Ms Brooks, a close confidante to Mr Murdoch, was running the media tycoon’s British newspaper arm from 2009 to 2011. Mr Edis said the affair between Ms Brooks and Mr Coulson had lasted for at least six years.

The relationship had been discovered after police found a word document containing a 2004 letter on a computer stored at Ms Brooks’s home.

“You are my best friend ... I tell you everything, I confide in you ... I love you, I care about you,” the letter from Ms Brooks to Mr Coulson said, according to Mr Edis who read it out to the jury of nine women and three women.

The court heard that the letter was apparently written by Ms Brooks in response to Mr Coulson trying to end the affair.

Mr Edis told jurors he was not revealing the affair to deliberately intrude into their privacy or to make a “moral judgment”.
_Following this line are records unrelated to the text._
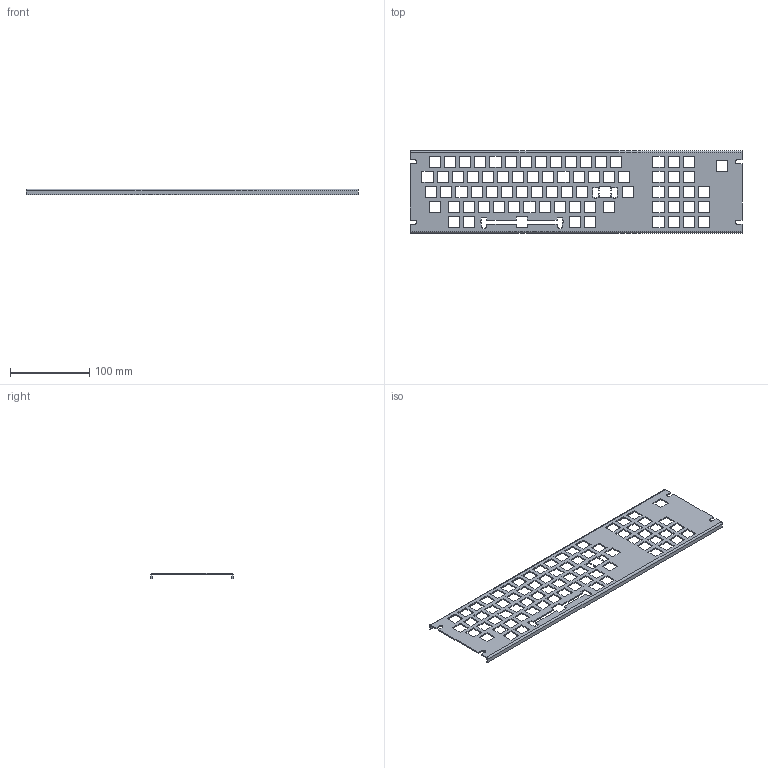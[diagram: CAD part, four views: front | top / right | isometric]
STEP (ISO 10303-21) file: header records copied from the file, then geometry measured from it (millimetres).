
FILE_DESCRIPTION (( 'STEP AP203' ), '1' );
FILE_NAME ('trs804kb-stab-15-1095-725-noholes.STEP', '2023-11-18T04:36:50', ( '' ), ( '' ), 'SwSTEP 2.0', 'SolidWorks 2022', '' );
FILE_SCHEMA (( 'CONFIG_CONTROL_DESIGN' ));
Length unit declared in the file: millimetre
Products named in the file (1): trs804kb-stab-15-1095-725-noholes
Bounding box: 418.68 x 103.7 x 7.25 mm (x, y, z)
Volume: 47886.9 mm3; surface area: 72352.7 mm2
Topology: 1 solids, 1 shells, 842 faces, 2504 edges, 1664 vertices
Faces by surface type: plane 838, cylinder 4
Entity records: 27989 total; most frequent: CARTESIAN_POINT 5011, ORIENTED_EDGE 5008, DIRECTION 4198, EDGE_CURVE 2504, VECTOR 2496, LINE 2496, VERTEX_POINT 1664, EDGE_LOOP 994
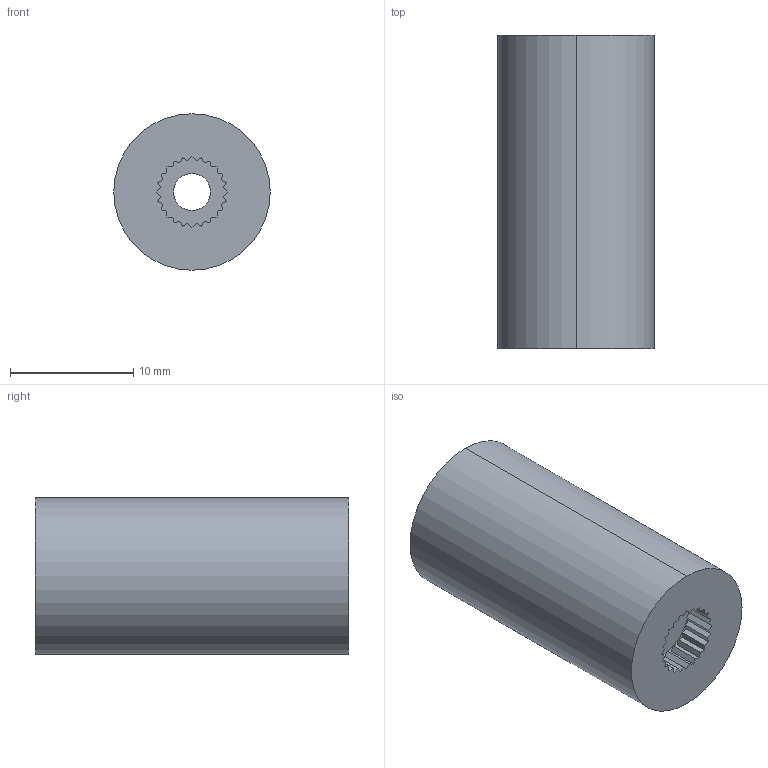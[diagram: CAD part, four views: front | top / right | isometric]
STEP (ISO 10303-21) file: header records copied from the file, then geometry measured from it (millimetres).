
FILE_DESCRIPTION (( 'STEP AP203' ), '1' );
FILE_NAME ('525128.STEP', '2015-08-14T15:47:31', ( 'Kyle' ), ( 'Microsoft' ), 'SwSTEP 2.0', 'SolidWorks 2014', '' );
FILE_SCHEMA (( 'CONFIG_CONTROL_DESIGN' ));
Length unit declared in the file: inch
Products named in the file (1): 525128
Bounding box: 12.69 x 25.4 x 12.69 mm (x, y, z)
Volume: 2167.6 mm3; surface area: 1857.2 mm2
Topology: 1 solids, 1 shells, 61 faces, 168 edges, 112 vertices
Faces by surface type: plane 53, cylinder 8
Entity records: 2001 total; most frequent: CARTESIAN_POINT 342, ORIENTED_EDGE 336, DIRECTION 308, EDGE_CURVE 168, LINE 152, VECTOR 152, VERTEX_POINT 112, AXIS2_PLACEMENT_3D 78
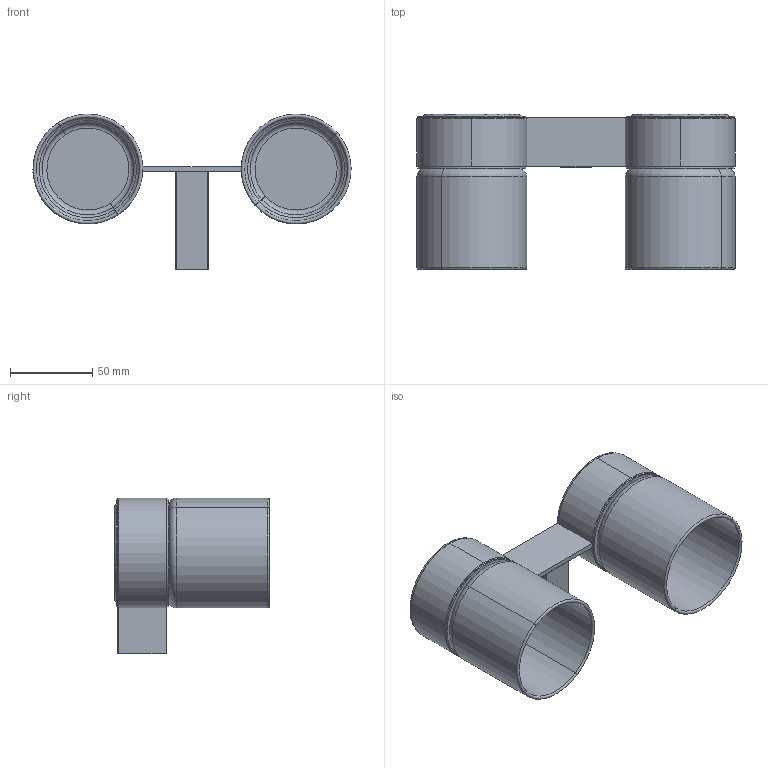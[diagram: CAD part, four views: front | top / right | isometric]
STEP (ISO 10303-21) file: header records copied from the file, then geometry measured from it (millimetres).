
FILE_DESCRIPTION (( 'STEP AP203' ), '1' );
FILE_NAME ('3384D.STEP', '2016-07-20T14:30:05', ( '微软中国' ), ( 'Microsoft' ), 'SwSTEP 2.0', 'SolidWorks 2012', '' );
FILE_SCHEMA (( 'CONFIG_CONTROL_DESIGN' ));
Length unit declared in the file: millimetre
Products named in the file (11): 圉埴芛蹟佪M4X8; 33釱; 33假蚾え; 3384D; 產薛戚; 33单杯圈塑料; 33邧戚殤; 33爾え; 33单杯圈; 33邧戚殤筵啣; 内六角凹端紧定螺丝M5X5
Assembly tree (14 placements, depth 3):
  3384D
    33假蚾え
    33釱
    圉埴芛蹟佪M4X8
    内六角凹端紧定螺丝M5X5
    33邧戚殤
      33邧戚殤筵啣
      33单杯圈  x2
      33爾え  x2
    33单杯圈塑料  x2
    產薛戚  x2
Bounding box: 194 x 94.5 x 95 mm (x, y, z)
Volume: 168613.6 mm3; surface area: 156071.2 mm2
Topology: 13 solids, 13 shells, 313 faces, 734 edges, 459 vertices
Faces by surface type: cylinder 132, plane 93, cone 50, torus 30, bspline 8
Entity records: 10791 total; most frequent: CARTESIAN_POINT 3792, ORIENTED_EDGE 1216, DIRECTION 1199, EDGE_CURVE 608, AXIS2_PLACEMENT_3D 454, VERTEX_POINT 387, LINE 291, VECTOR 291

“But Mrs Brooks and Mr Coulson are charged with conspiracy and, when people are charged with conspiracy, the first question a jury has to answer is how well did they know each other? How much did they trust each other?

“And the fact that they were in this relationship which was a secret means that they trusted each other quite a lot with at least that secret and that’s why we are telling you about it.”

He said the revelation was likely to attract a “great deal of publicity” and may draw some “unfair, unkind and unnecessary” comment.